• _Task details_: What is needed is an exact copy of the records below, minus any pictures.

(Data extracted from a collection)
******
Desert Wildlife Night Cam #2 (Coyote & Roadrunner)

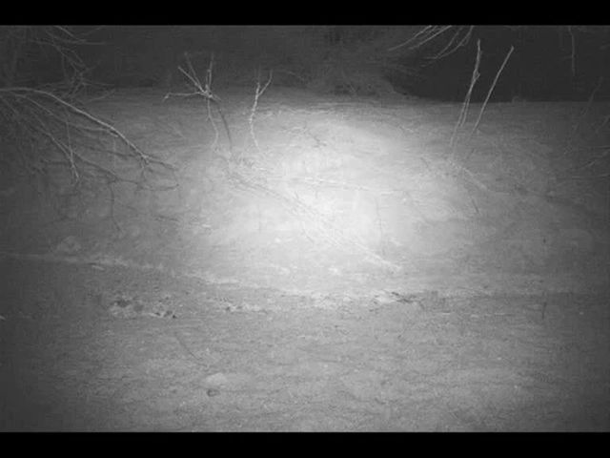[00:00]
look up in the right hand corner of the video and you can see the coyote approaching with his glowing eyes this is desert wildlife night camp number two coyote and Roadrunner is what we got now the tapetum lucidum is the iridescent reflective
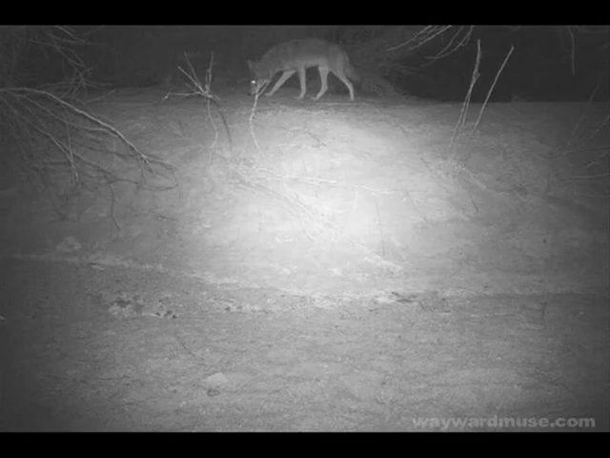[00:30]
pigment layers at the back of the eyes of nocturnal animals which makes the eyes look like they're glowing and shining when illuminated in the dark its purpose is to enable these animals to see better in the dark
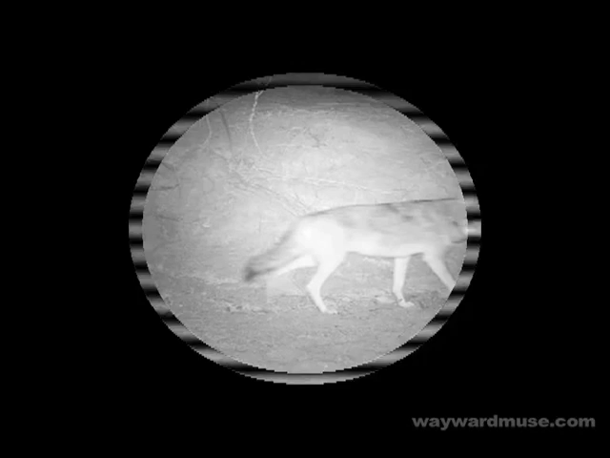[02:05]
******
• _Solution to this problem_:
Desert Wildlife Night Cam #2 (Coyote & Roadrunner)

[00:00]
look up in the right hand corner of the video and you can see the coyote approaching with his glowing eyes this is desert wildlife night camp number two coyote and Roadrunner is what we got now the tapetum lucidum is the iridescent reflective
[00:30]
pigment layers at the back of the eyes of nocturnal animals which makes the eyes look like they're glowing and shining when illuminated in the dark its purpose is to enable these animals to see better in the dark
[02:05]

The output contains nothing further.